California to get break from storms, but not for long
The beleaguered state is set to get a few days of calmer weather conditions before another big storm with rain and snow arrives next week.
A swimming pool was left sitting on the edge of a cliff after heavy rains from a winter storm triggered a landslide in Oceanside, California, on March 15.
An extraordinarily active winter season across California has been full of moisture-laden storms that have helped completely erase persistent drought conditions in some areas due to epic amounts of rain and astonishingly high snowfall totals.
Compared to the summer and autumn of 2022, vast areas of extreme and exceptional drought have be wiped away. A significant portion of the state, 45%, is now considered to be free of drought or abnormal dryness altogether, according to the latest United State Drought Monitor report. AccuWeather meteorologists believe that all or much of California may be drought-free by the start of the summer season.
The unrelenting storms have also had numerous negative consequences as well. That was evident this week when another atmospheric river generated extreme wind gusts in the San Francisco Bay Area, flooding rain in the Los Angeles basin and feet of heavy, wet snow across the highest elevations of the Sierra Nevada from Monday into Wednesday morning.
The state will get a needed reprieve from storms for a brief period of time, but AccuWeather meteorologists are calling for a return of stormy conditions by next week
Prior to the next round of heavy rain and snow, residents across California will be given a chance to clean things up into this weekend as an area of high pressure settles in and allows dry and settled conditions to unfold. This weekend itself can feature a return of spotty showers, but the outlook into next week is where things could get dicey once again, experts say.
"While the [forecast of the] exact location and strength of this storm is still being fine-tuned, it does appear likely that residents in portions of California next Monday and Tuesday could see stronger precipitation rates and gusty winds return," AccuWeather Meteorologist Joseph Bauer said.
Another deep plume of subtropical moisture is expected to take aim at California early next week, putting many cities on alert for additional flooding problems beginning next Monday night. In addition to the flooding concerns, ski resorts across the Sierra may be flirting with the all-time highest snow total record before the end of next week.

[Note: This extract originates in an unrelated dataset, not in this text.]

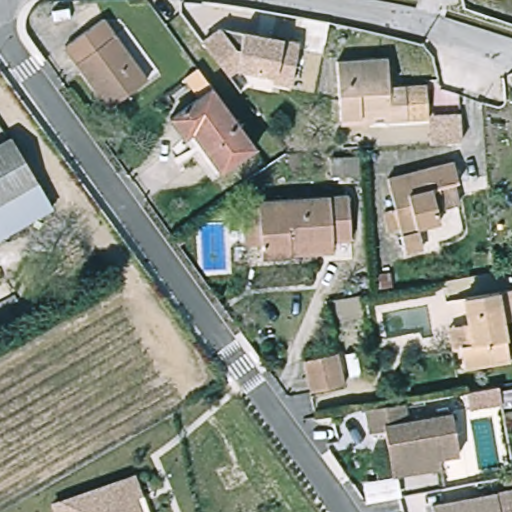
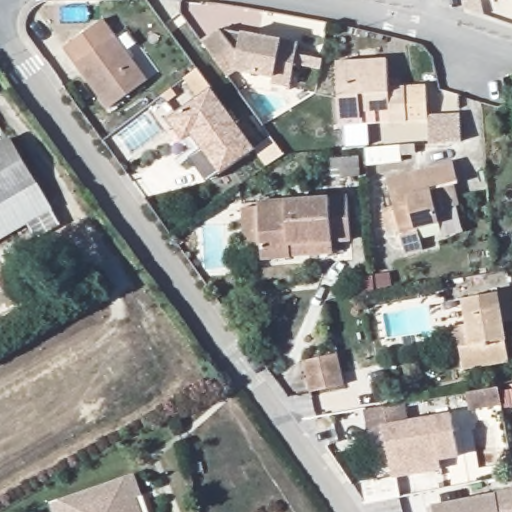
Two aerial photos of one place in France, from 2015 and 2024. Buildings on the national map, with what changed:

"Snow levels can be lower through this next event as colder air moves in with levels of 7,000-8,000 feet to begin with, falling to 4,000-5,000 feet by the end of the event," Bauer added.
Over 600 inches of snow has already been measured so far this season at Mammoth Mountain, and surprisingly enough, that is not an all-time record for the ski resort. The infamous 2010-2011 season featured 668.5 inches of snowfall at the resort, a total that may be challenged before the end of the month.

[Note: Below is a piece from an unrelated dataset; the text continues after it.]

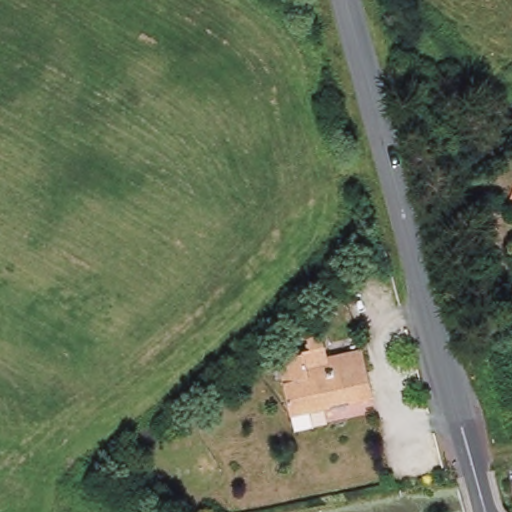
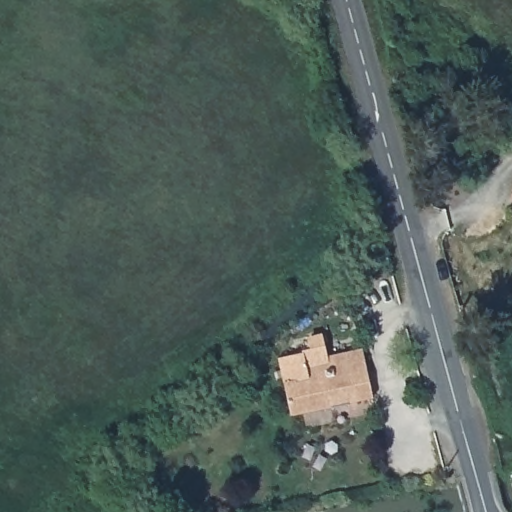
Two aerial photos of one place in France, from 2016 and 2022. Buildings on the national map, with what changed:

The next batches of heavy rain and mountain snow will likely result in difficult travel, additional power outages and a multitude of other challenges by next Tuesday.
A slow eastward progression of the storm will likely keep hazardous conditions in place through Tuesday night and Wednesday. During this time, cold air filtering in around the core of the storm will also result in snow levels coming down. This storm will bring snow to much lower elevations than the system that moved through earlier this week, forecasters say.
Although the storm onslaught in California has worked wonders in the state's battle against long-term drought conditions, it has also caused challenges for residents due to the frequent flooding, mudslides and destructive winds. Yosemite National Park, famous for its snowy landscapes during the winter, has had to shut down as a result of too much snow.
Many reservoirs have also had to release water downstream since they have risen above their maximum capacity levels. Lake Shasta, Oroville, Don Pedro, Millerton and many others have essentially rebounded to their respective historical averages as a result of the hyperactive winter season.
Following the unsettled conditions on Tuesday and Wednesday, there can be another brief lull in the stormy weather across California next Thursday and Friday, but AccuWeather's team of long-range forecasters says more storms are likely into the end of the month.